Work request – Reproduce the full listing below exactly. Do not include the pictures.

Records for processing –
——

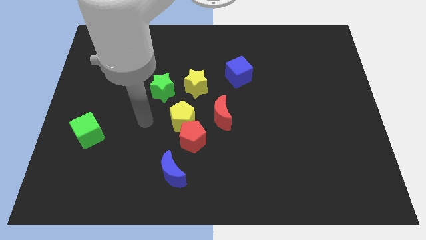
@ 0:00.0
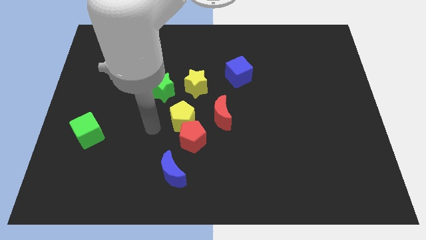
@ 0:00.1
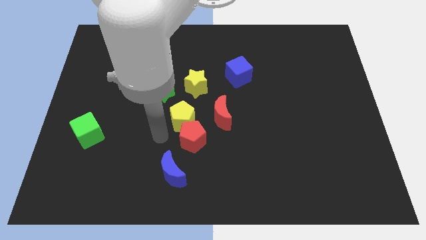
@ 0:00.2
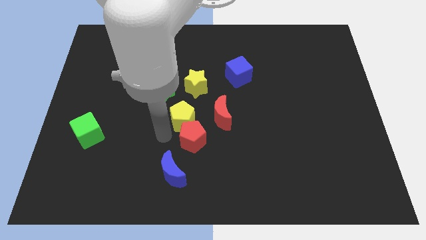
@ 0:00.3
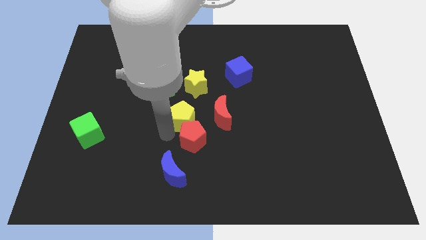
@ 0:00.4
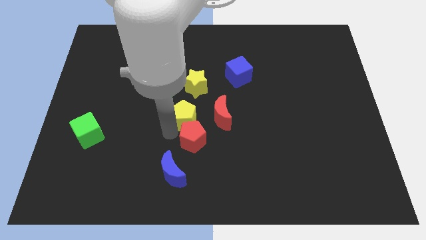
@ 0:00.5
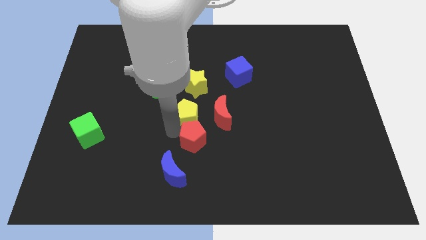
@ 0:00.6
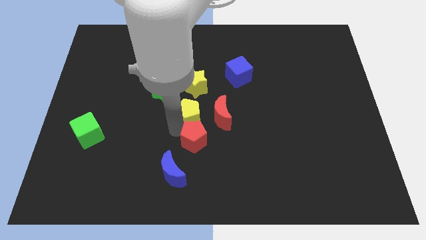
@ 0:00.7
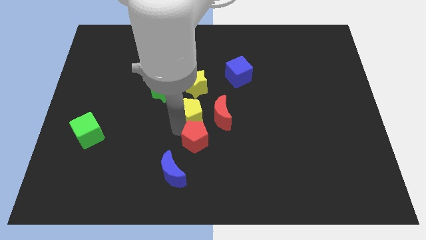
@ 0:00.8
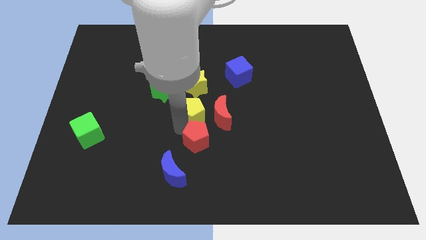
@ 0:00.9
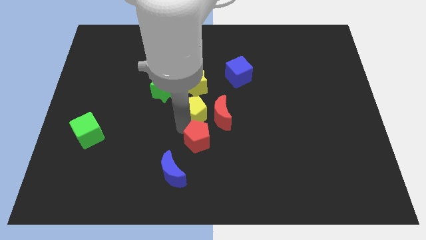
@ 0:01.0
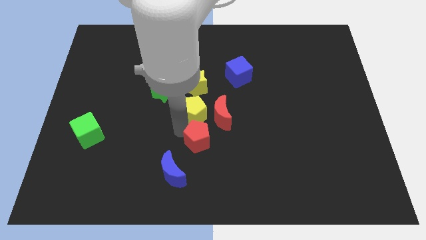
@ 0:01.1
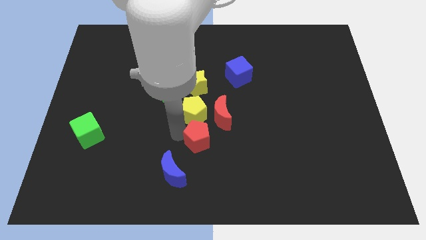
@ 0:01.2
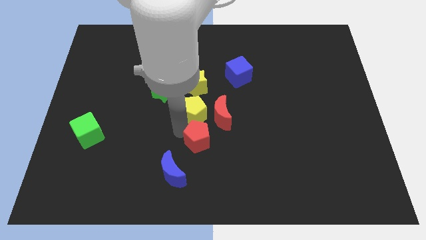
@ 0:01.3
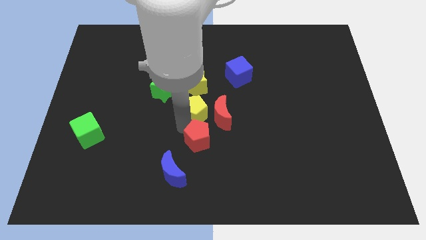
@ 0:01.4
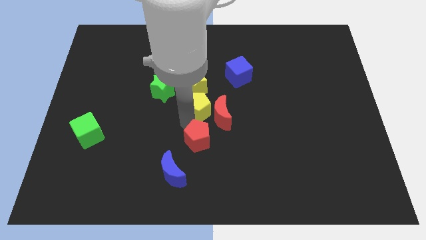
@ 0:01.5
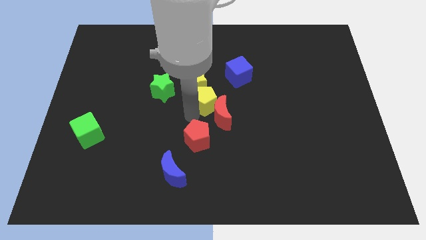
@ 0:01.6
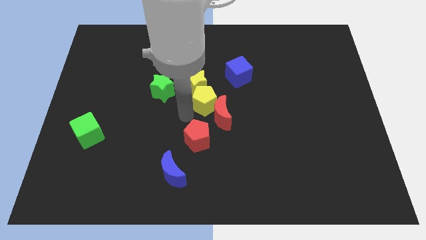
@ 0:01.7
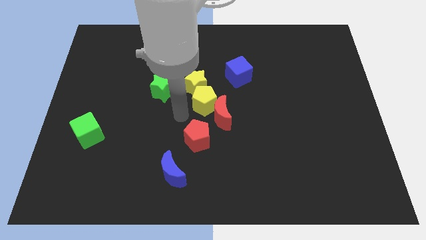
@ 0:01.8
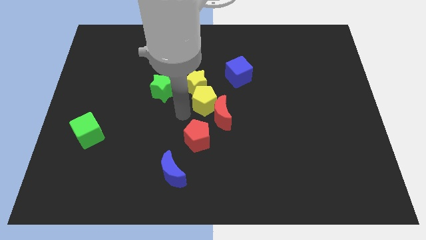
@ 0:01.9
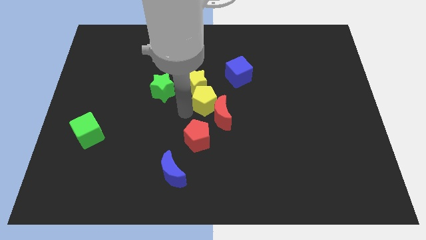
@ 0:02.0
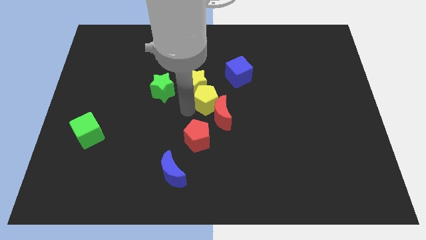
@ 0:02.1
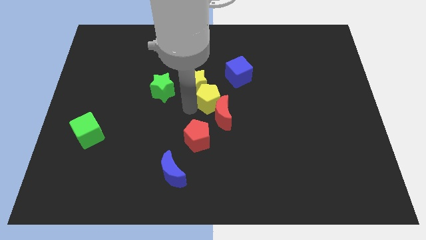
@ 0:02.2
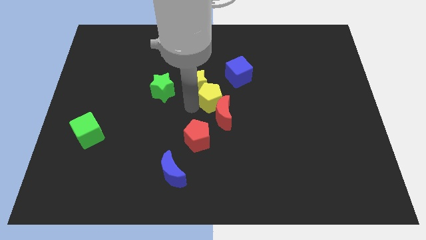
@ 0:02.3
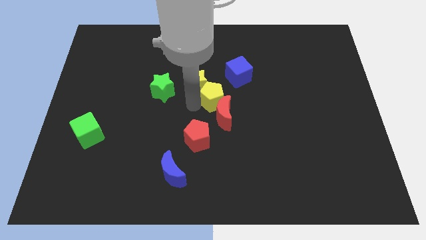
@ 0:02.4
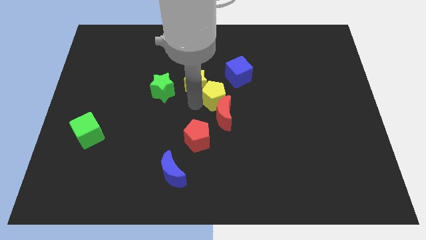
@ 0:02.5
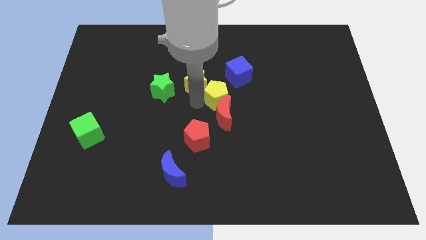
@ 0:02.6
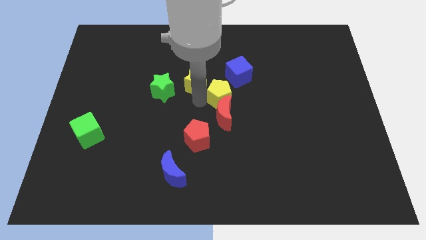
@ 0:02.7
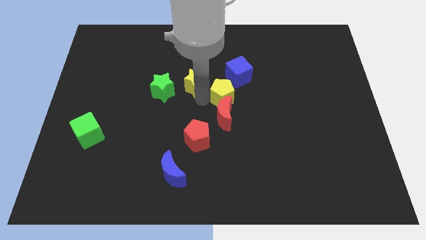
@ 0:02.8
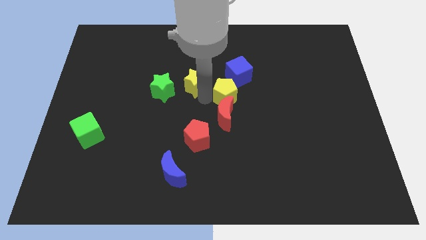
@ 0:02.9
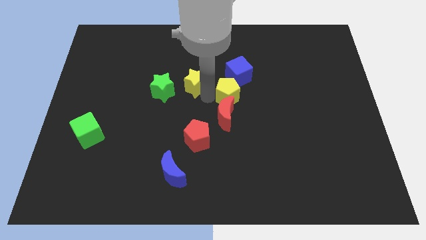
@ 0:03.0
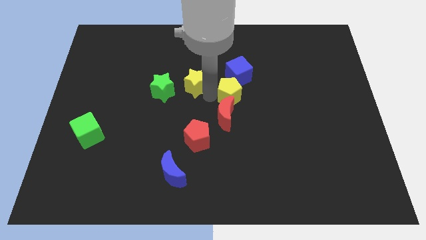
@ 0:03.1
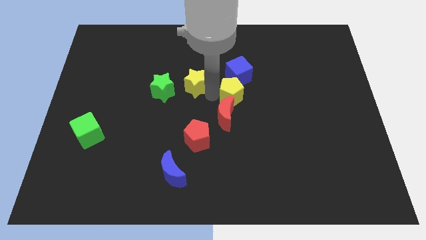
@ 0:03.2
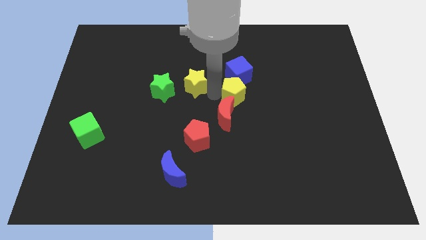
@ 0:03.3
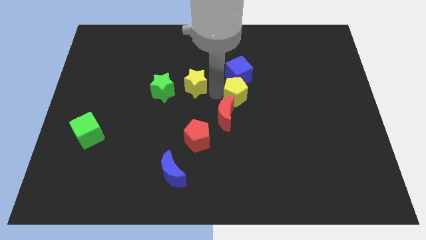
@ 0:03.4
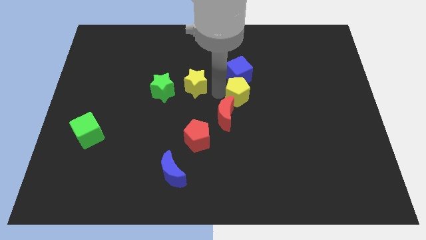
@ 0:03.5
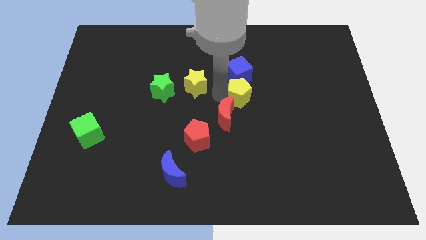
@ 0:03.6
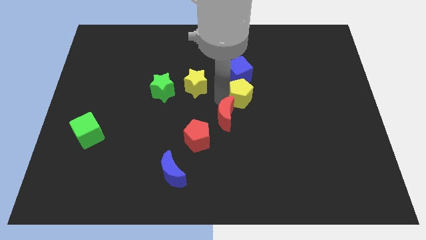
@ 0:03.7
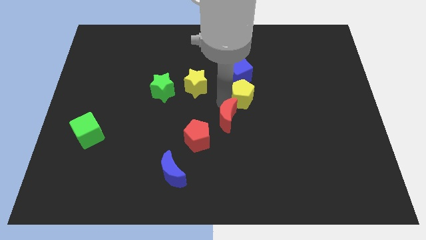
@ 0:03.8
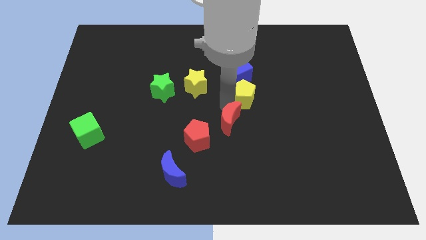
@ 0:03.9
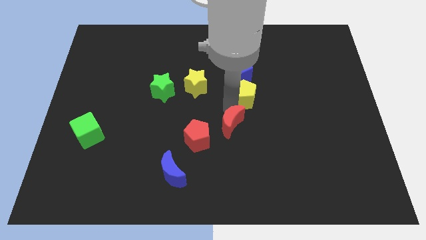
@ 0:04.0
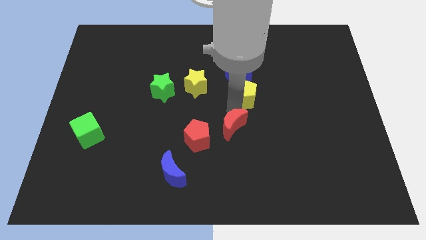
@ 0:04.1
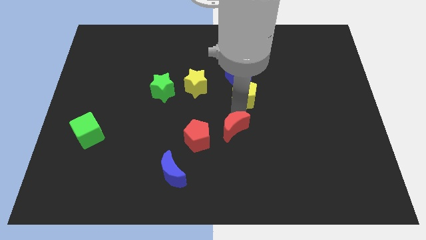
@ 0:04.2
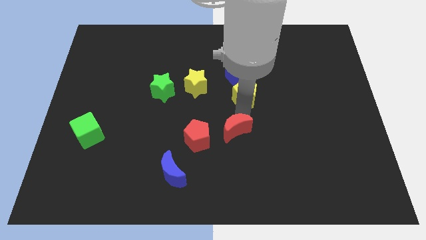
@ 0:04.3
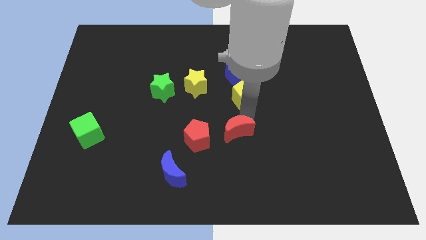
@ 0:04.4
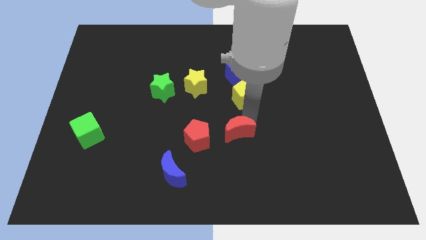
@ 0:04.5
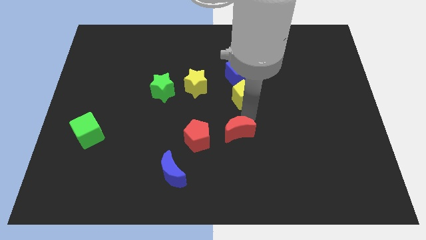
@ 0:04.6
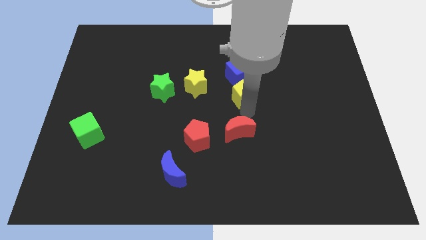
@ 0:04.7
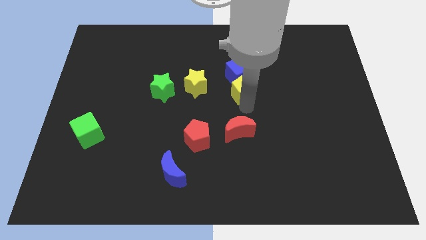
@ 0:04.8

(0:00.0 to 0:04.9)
slide the yellow pentagon to the blue cube

——

Task output –
@ 0:00.0
@ 0:00.1
@ 0:00.2
@ 0:00.3
@ 0:00.4
@ 0:00.5
@ 0:00.6
@ 0:00.7
@ 0:00.8
@ 0:00.9
@ 0:01.0
@ 0:01.1
@ 0:01.2
@ 0:01.3
@ 0:01.4
@ 0:01.5
@ 0:01.6
@ 0:01.7
@ 0:01.8
@ 0:01.9
@ 0:02.0
@ 0:02.1
@ 0:02.2
@ 0:02.3
@ 0:02.4
@ 0:02.5
@ 0:02.6
@ 0:02.7
@ 0:02.8
@ 0:02.9
@ 0:03.0
@ 0:03.1
@ 0:03.2
@ 0:03.3
@ 0:03.4
@ 0:03.5
@ 0:03.6
@ 0:03.7
@ 0:03.8
@ 0:03.9
@ 0:04.0
@ 0:04.1
@ 0:04.2
@ 0:04.3
@ 0:04.4
@ 0:04.5
@ 0:04.6
@ 0:04.7
@ 0:04.8

(0:00.0 to 0:04.9)
slide the yellow pentagon to the blue cube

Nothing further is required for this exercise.